EXERCISE:
Exclude images, then output the remaining data verbatim.

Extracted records
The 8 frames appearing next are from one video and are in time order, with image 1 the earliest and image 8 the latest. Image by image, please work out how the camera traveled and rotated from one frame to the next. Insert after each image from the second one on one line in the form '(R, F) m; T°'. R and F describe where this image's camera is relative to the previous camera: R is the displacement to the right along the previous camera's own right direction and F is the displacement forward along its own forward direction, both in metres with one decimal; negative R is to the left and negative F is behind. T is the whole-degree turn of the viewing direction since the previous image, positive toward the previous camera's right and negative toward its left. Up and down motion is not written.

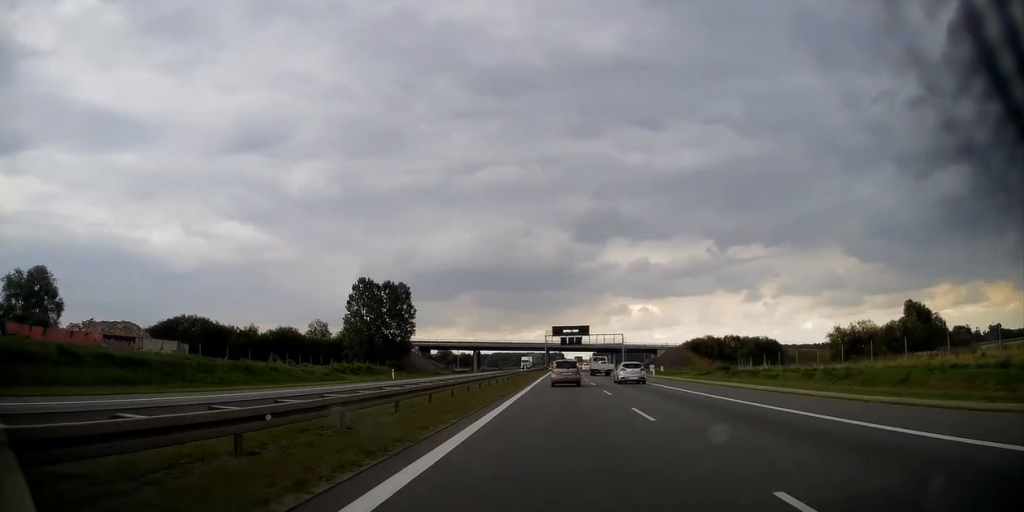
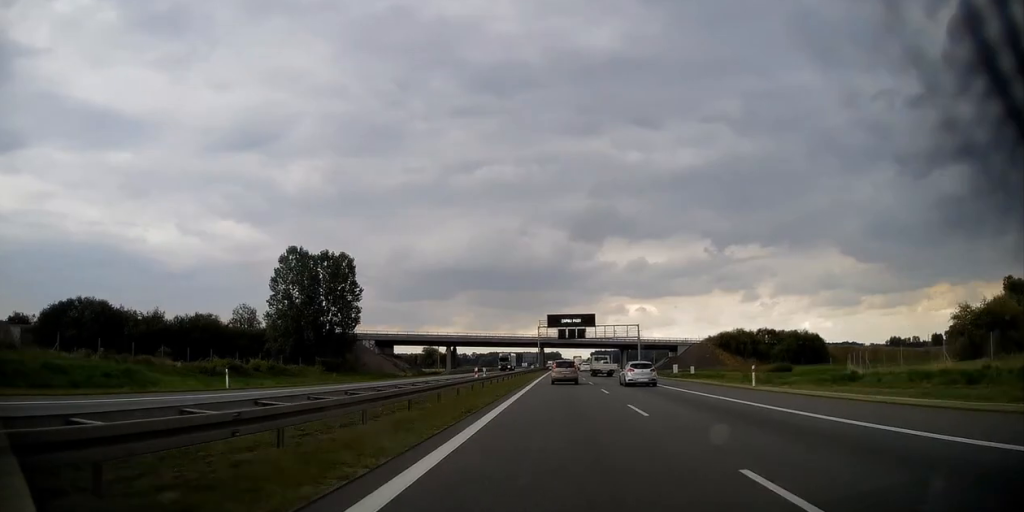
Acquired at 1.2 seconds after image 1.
(+0.3, +34.2) m; 0°
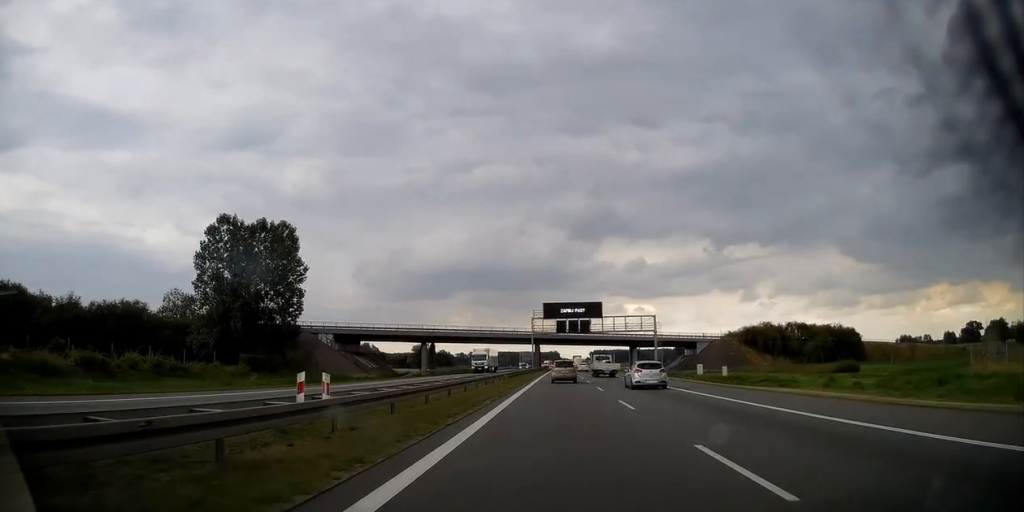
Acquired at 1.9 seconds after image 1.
(-0.1, +21.3) m; 0°
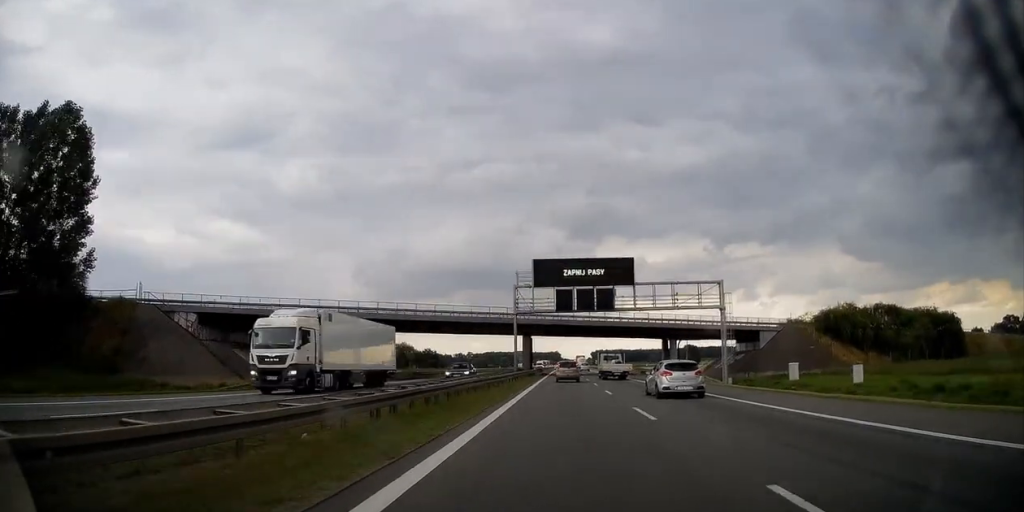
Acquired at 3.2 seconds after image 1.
(+0.2, +38.7) m; 0°
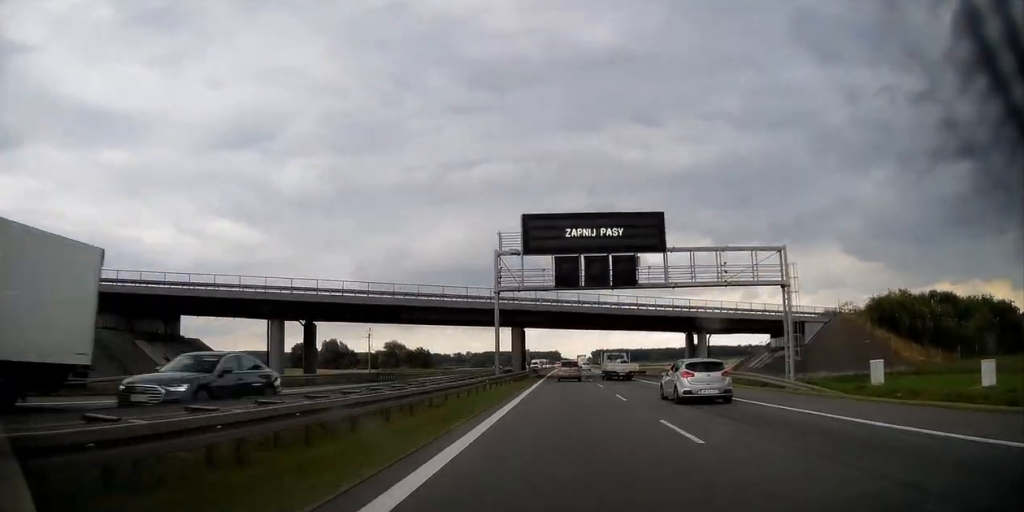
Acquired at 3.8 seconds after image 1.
(+0.2, +16.1) m; 0°
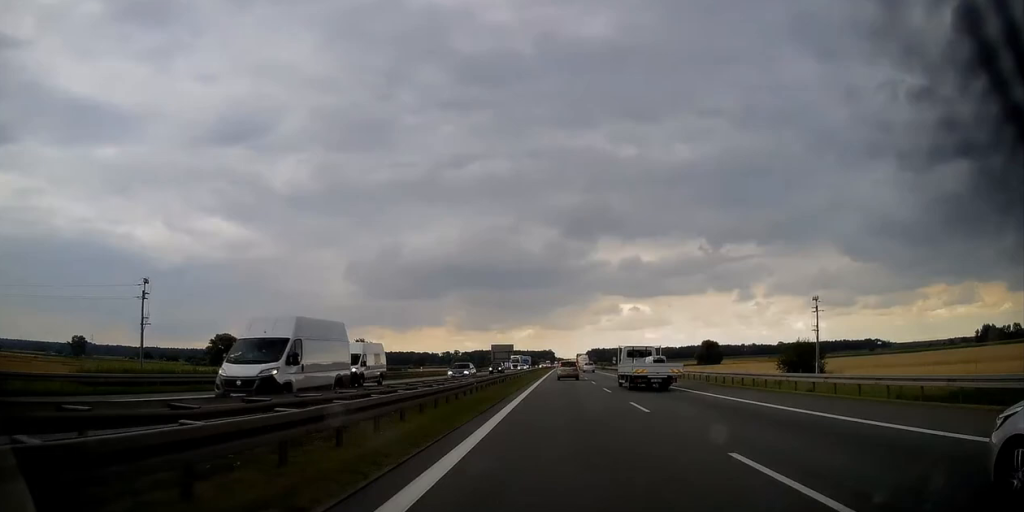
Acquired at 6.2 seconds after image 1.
(0.0, +76.3) m; +1°
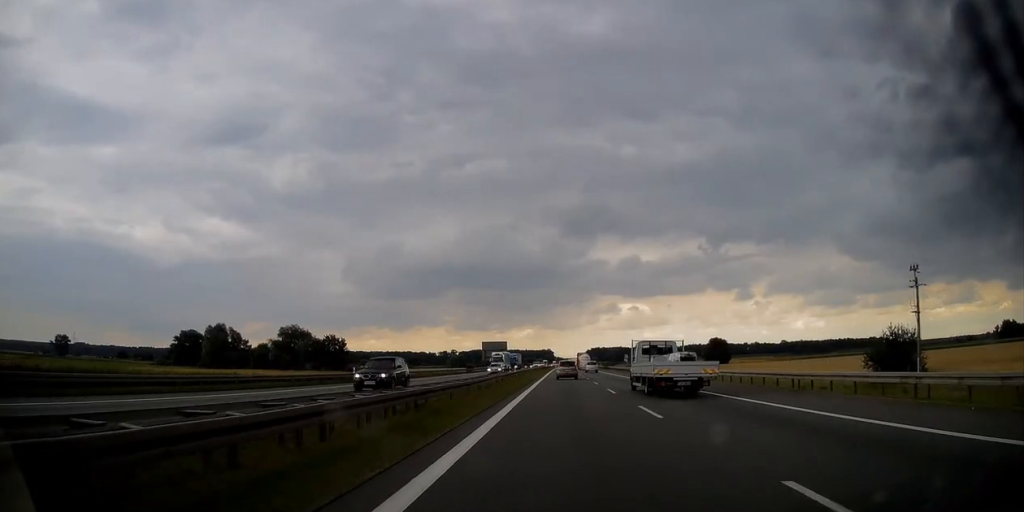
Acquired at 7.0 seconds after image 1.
(+0.1, +25.9) m; 0°
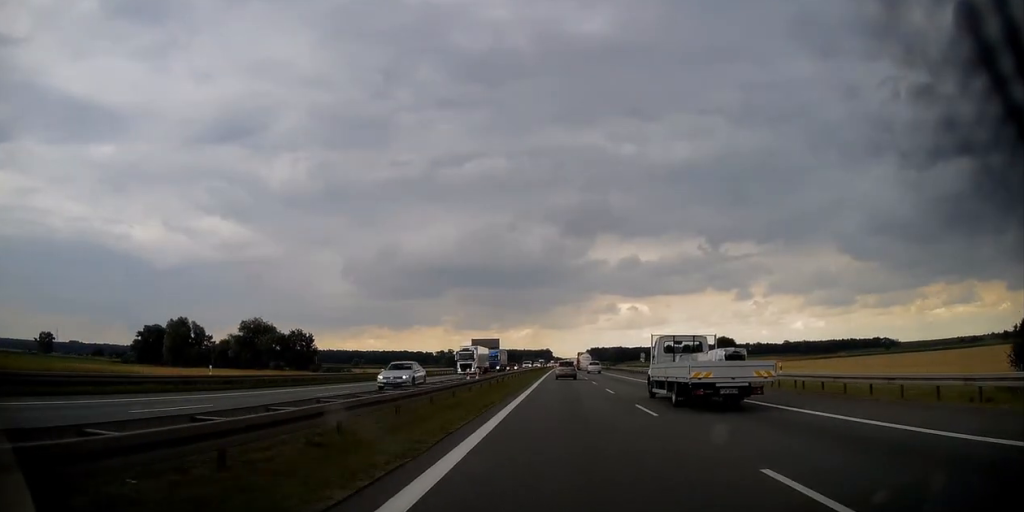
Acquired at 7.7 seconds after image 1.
(-0.4, +23.0) m; 0°

OUTPUT OF THE TASK:
The 8 frames appearing next are from one video and are in time order, with image 1 the earliest and image 8 the latest. Image by image, please work out how the camera traveled and rotated from one frame to the next. Insert after each image from the second one on one line in the form '(R, F) m; T°'. R and F describe where this image's camera is relative to the previous camera: R is the displacement to the right along the previous camera's own right direction and F is the displacement forward along its own forward direction, both in metres with one decimal; negative R is to the left and negative F is behind. T is the whole-degree turn of the viewing direction since the previous image, positive toward the previous camera's right and negative toward its left. Up and down motion is not written.

Acquired at 1.2 seconds after image 1.
(+0.3, +34.2) m; 0°
Acquired at 1.9 seconds after image 1.
(-0.1, +21.3) m; 0°
Acquired at 3.2 seconds after image 1.
(+0.2, +38.7) m; 0°
Acquired at 3.8 seconds after image 1.
(+0.2, +16.1) m; 0°
Acquired at 6.2 seconds after image 1.
(0.0, +76.3) m; +1°
Acquired at 7.0 seconds after image 1.
(+0.1, +25.9) m; 0°
Acquired at 7.7 seconds after image 1.
(-0.4, +23.0) m; 0°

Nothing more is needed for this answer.